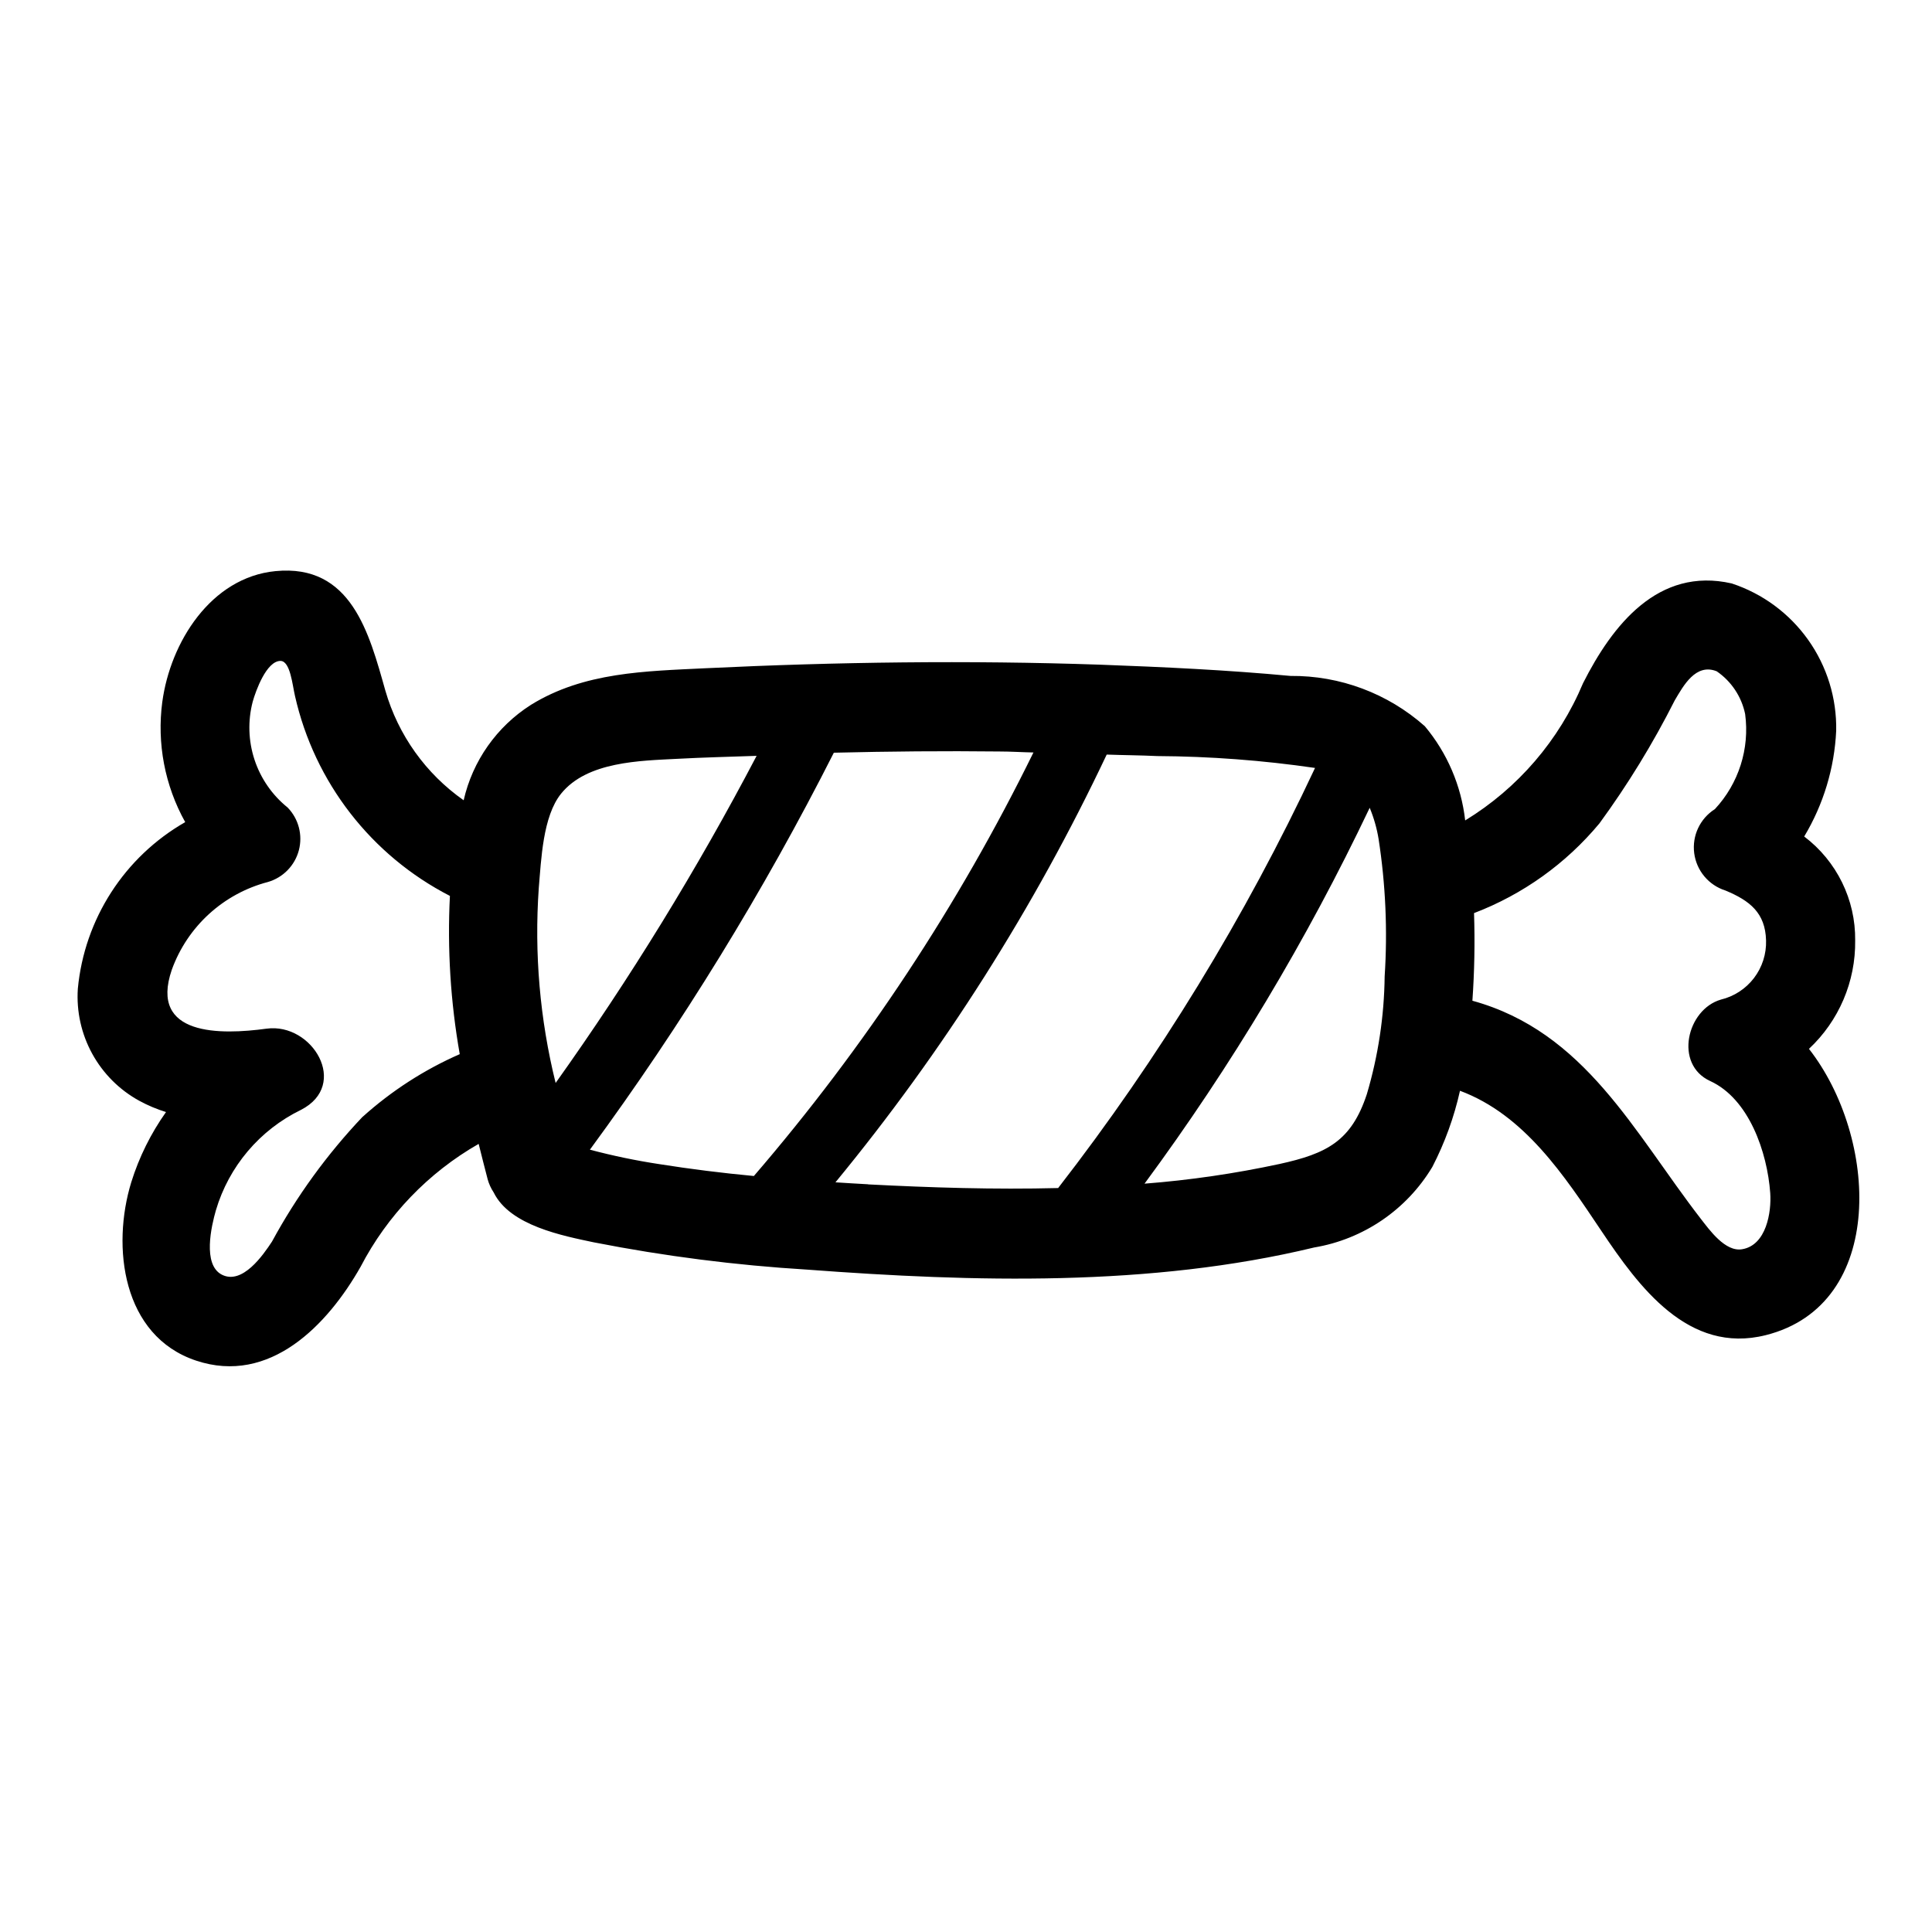 <?xml version="1.0" encoding="UTF-8"?>
<!-- Uploaded to: SVG Find, www.svgrepo.com, Generator: SVG Find Mixer Tools -->
<svg fill="#000000" width="800px" height="800px" version="1.1" viewBox="144 144 512 512" xmlns="http://www.w3.org/2000/svg">
 <path d="m623.39 421.96c7.945-7.422 12.391-17.852 12.25-28.723 0.129-10.809-4.887-21.035-13.508-27.555 5.098-8.496 8.012-18.125 8.477-28.023 0.168-8.613-2.43-17.051-7.414-24.074-4.981-7.027-12.082-12.27-20.266-14.965-19.516-4.465-31.668 11.117-39.414 26.449v0.004c-6.324 15.098-17.254 27.82-31.227 36.352-1.035-9.195-4.758-17.883-10.699-24.977-9.805-8.695-22.488-13.441-35.59-13.32-16.801-1.574-33.699-2.363-50.555-2.984-34.801-1.188-69.645-0.723-104.42 0.945-16.004 0.789-32.273 1-46.336 9.715-9.035 5.75-15.438 14.832-17.812 25.277-10.031-7.031-17.355-17.285-20.75-29.059-4.297-15.242-9.035-33.629-29.125-31.668-17.129 1.676-27.859 18.895-29.984 34.637h-0.004c-1.465 11.004 0.664 22.188 6.07 31.883-16.105 9.219-26.719 25.695-28.457 44.168-0.395 5.984 0.93 11.957 3.816 17.215 2.887 5.258 7.211 9.582 12.473 12.465 2.254 1.227 4.629 2.227 7.082 2.984-4.023 5.668-7.129 11.938-9.203 18.578-5.266 17.121-2.41 40.754 17.152 47.289 19.562 6.535 34.875-9.445 43.602-24.836l0.004-0.004c7.09-13.645 17.953-24.957 31.301-32.59 0.789 3.086 1.527 6.18 2.363 9.297h-0.004c0.344 1.27 0.895 2.477 1.621 3.574 4.32 8.816 18.367 11.492 26.68 13.25v-0.004c18.613 3.648 37.449 6.055 56.379 7.203 44.16 3.312 91 4.613 134.37-5.863 13.066-2.191 24.52-10 31.332-21.363 3.297-6.383 5.758-13.16 7.32-20.168 17.059 6.359 27.605 22.418 37.488 37.164 9.879 14.746 23.02 32.754 43.547 27.598 32.18-8.094 29.723-52.508 11.445-75.871zm-336.61-42.629c0.645-7.438 1.047-18.988 5.926-25.016 6.902-8.535 20.949-8.699 30.758-9.219 7.016-0.379 14.027-0.543 21.043-0.789v0.004c-15.766 30.07-33.559 59.031-53.262 86.688-4.176-16.883-5.68-34.316-4.465-51.664zm-46.68 60.613v0.004c-9.41 9.926-17.484 21.039-24.008 33.062-2.363 3.606-7.871 11.57-13.312 8.785-5.164-2.668-2.746-12.949-1.574-17.027 3.438-11.656 11.625-21.324 22.551-26.641 12.953-6.641 3.008-23.172-9.121-21.52-12.129 1.652-31.164 2.039-25.113-15.602 4.144-11.48 13.676-20.184 25.484-23.27 4.012-1.168 7.121-4.352 8.191-8.395 1.066-4.043-0.066-8.348-2.981-11.344-4.086-3.289-7.129-7.688-8.77-12.664-1.637-4.981-1.805-10.328-0.473-15.398 0.789-2.816 3.629-10.762 7.344-10.785 2.629 0 3.188 6.496 3.856 9.289 5.164 22.871 20.199 42.273 41.055 52.988-0.711 14.031 0.164 28.098 2.606 41.934-9.41 4.129-18.098 9.738-25.734 16.609zm60.246 8.707v0.004c24.398-33.223 46.012-68.402 64.629-105.18 14.625-0.355 29.254-0.488 43.879-0.324 3.008 0 6.016 0.203 9.02 0.262-19.828 40.41-44.727 78.125-74.09 112.24-8.391-0.789-16.758-1.828-25.066-3.148-6.188-0.938-12.32-2.215-18.371-3.824zm73.715 9.195c-2.898-0.148-5.793-0.34-8.66-0.52v0.004c28.539-34.684 52.684-72.758 71.887-113.36 4.449 0.164 8.902 0.18 13.383 0.395 13.996 0.078 27.973 1.129 41.824 3.148-18.504 39.512-41.336 76.852-68.078 111.33-16.91 0.43-33.777-0.113-50.359-0.969zm136.89-55.105-0.004 0.004c-0.125 10.578-1.715 21.086-4.723 31.227-4.102 12.43-10.605 15.742-23.129 18.492-11.797 2.539-23.754 4.285-35.785 5.219 23.031-31.219 43.012-64.574 59.672-99.613 1.102 2.66 1.895 5.441 2.359 8.281 1.863 12.043 2.398 24.25 1.605 36.41zm94.746 72.316c-4.481 0.789-8.66-5.109-11.02-8.133-17.648-22.828-30.613-49.508-60.473-57.719h-0.004c0.543-7.727 0.688-15.477 0.434-23.223 12.934-4.938 24.379-13.125 33.23-23.773 7.527-10.297 14.203-21.199 19.953-32.59 2.297-3.883 5.559-9.941 11.125-7.723 3.887 2.66 6.59 6.727 7.539 11.336 1.234 9.176-1.711 18.418-8.02 25.191-3.945 2.5-6.082 7.059-5.477 11.688 0.605 4.629 3.84 8.488 8.293 9.891 6.422 2.676 10.555 5.894 10.746 13.219v-0.004c0.113 3.598-1.02 7.121-3.203 9.98-2.184 2.856-5.289 4.875-8.785 5.711-8.98 2.613-12.469 17.145-2.816 21.578 10.312 4.723 15.129 18.895 15.91 29.668 0.359 5.078-1.035 13.84-7.434 14.902z"/>
</svg>

▶ _Work required_: Everything in the records above should come back word for word, except the pictures.

▶ _Solution to this exercise_:
 <?xml version="1.0" encoding="UTF-8"?>
<!-- Uploaded to: SVG Find, www.svgrepo.com, Generator: SVG Find Mixer Tools -->
<svg fill="#000000" width="800px" height="800px" version="1.1" viewBox="144 144 512 512" xmlns="http://www.w3.org/2000/svg">
 <path d="m623.39 421.96c7.945-7.422 12.391-17.852 12.25-28.723 0.129-10.809-4.887-21.035-13.508-27.555 5.098-8.496 8.012-18.125 8.477-28.023 0.168-8.613-2.43-17.051-7.414-24.074-4.981-7.027-12.082-12.27-20.266-14.965-19.516-4.465-31.668 11.117-39.414 26.449v0.004c-6.324 15.098-17.254 27.82-31.227 36.352-1.035-9.195-4.758-17.883-10.699-24.977-9.805-8.695-22.488-13.441-35.59-13.32-16.801-1.574-33.699-2.363-50.555-2.984-34.801-1.188-69.645-0.723-104.42 0.945-16.004 0.789-32.273 1-46.336 9.715-9.035 5.75-15.438 14.832-17.812 25.277-10.031-7.031-17.355-17.285-20.75-29.059-4.297-15.242-9.035-33.629-29.125-31.668-17.129 1.676-27.859 18.895-29.984 34.637h-0.004c-1.465 11.004 0.664 22.188 6.07 31.883-16.105 9.219-26.719 25.695-28.457 44.168-0.395 5.984 0.93 11.957 3.816 17.215 2.887 5.258 7.211 9.582 12.473 12.465 2.254 1.227 4.629 2.227 7.082 2.984-4.023 5.668-7.129 11.938-9.203 18.578-5.266 17.121-2.41 40.754 17.152 47.289 19.562 6.535 34.875-9.445 43.602-24.836l0.004-0.004c7.09-13.645 17.953-24.957 31.301-32.59 0.789 3.086 1.527 6.18 2.363 9.297h-0.004c0.344 1.27 0.895 2.477 1.621 3.574 4.32 8.816 18.367 11.492 26.68 13.25v-0.004c18.613 3.648 37.449 6.055 56.379 7.203 44.16 3.312 91 4.613 134.37-5.863 13.066-2.191 24.52-10 31.332-21.363 3.297-6.383 5.758-13.16 7.32-20.168 17.059 6.359 27.605 22.418 37.488 37.164 9.879 14.746 23.02 32.754 43.547 27.598 32.18-8.094 29.723-52.508 11.445-75.871zm-336.61-42.629c0.645-7.438 1.047-18.988 5.926-25.016 6.902-8.535 20.949-8.699 30.758-9.219 7.016-0.379 14.027-0.543 21.043-0.789v0.004c-15.766 30.07-33.559 59.031-53.262 86.688-4.176-16.883-5.68-34.316-4.465-51.664zm-46.68 60.613v0.004c-9.41 9.926-17.484 21.039-24.008 33.062-2.363 3.606-7.871 11.57-13.312 8.785-5.164-2.668-2.746-12.949-1.574-17.027 3.438-11.656 11.625-21.324 22.551-26.641 12.953-6.641 3.008-23.172-9.121-21.52-12.129 1.652-31.164 2.039-25.113-15.602 4.144-11.48 13.676-20.184 25.484-23.27 4.012-1.168 7.121-4.352 8.191-8.395 1.066-4.043-0.066-8.348-2.981-11.344-4.086-3.289-7.129-7.688-8.77-12.664-1.637-4.981-1.805-10.328-0.473-15.398 0.789-2.816 3.629-10.762 7.344-10.785 2.629 0 3.188 6.496 3.856 9.289 5.164 22.871 20.199 42.273 41.055 52.988-0.711 14.031 0.164 28.098 2.606 41.934-9.41 4.129-18.098 9.738-25.734 16.609zm60.246 8.707v0.004c24.398-33.223 46.012-68.402 64.629-105.18 14.625-0.355 29.254-0.488 43.879-0.324 3.008 0 6.016 0.203 9.02 0.262-19.828 40.41-44.727 78.125-74.09 112.24-8.391-0.789-16.758-1.828-25.066-3.148-6.188-0.938-12.32-2.215-18.371-3.824zm73.715 9.195c-2.898-0.148-5.793-0.34-8.66-0.52v0.004c28.539-34.684 52.684-72.758 71.887-113.36 4.449 0.164 8.902 0.18 13.383 0.395 13.996 0.078 27.973 1.129 41.824 3.148-18.504 39.512-41.336 76.852-68.078 111.33-16.91 0.43-33.777-0.113-50.359-0.969zm136.89-55.105-0.004 0.004c-0.125 10.578-1.715 21.086-4.723 31.227-4.102 12.43-10.605 15.742-23.129 18.492-11.797 2.539-23.754 4.285-35.785 5.219 23.031-31.219 43.012-64.574 59.672-99.613 1.102 2.66 1.895 5.441 2.359 8.281 1.863 12.043 2.398 24.25 1.605 36.41zm94.746 72.316c-4.481 0.789-8.66-5.109-11.02-8.133-17.648-22.828-30.613-49.508-60.473-57.719h-0.004c0.543-7.727 0.688-15.477 0.434-23.223 12.934-4.938 24.379-13.125 33.23-23.773 7.527-10.297 14.203-21.199 19.953-32.59 2.297-3.883 5.559-9.941 11.125-7.723 3.887 2.66 6.59 6.727 7.539 11.336 1.234 9.176-1.711 18.418-8.02 25.191-3.945 2.5-6.082 7.059-5.477 11.688 0.605 4.629 3.84 8.488 8.293 9.891 6.422 2.676 10.555 5.894 10.746 13.219v-0.004c0.113 3.598-1.02 7.121-3.203 9.98-2.184 2.856-5.289 4.875-8.785 5.711-8.98 2.613-12.469 17.145-2.816 21.578 10.312 4.723 15.129 18.895 15.91 29.668 0.359 5.078-1.035 13.84-7.434 14.902z"/>
</svg>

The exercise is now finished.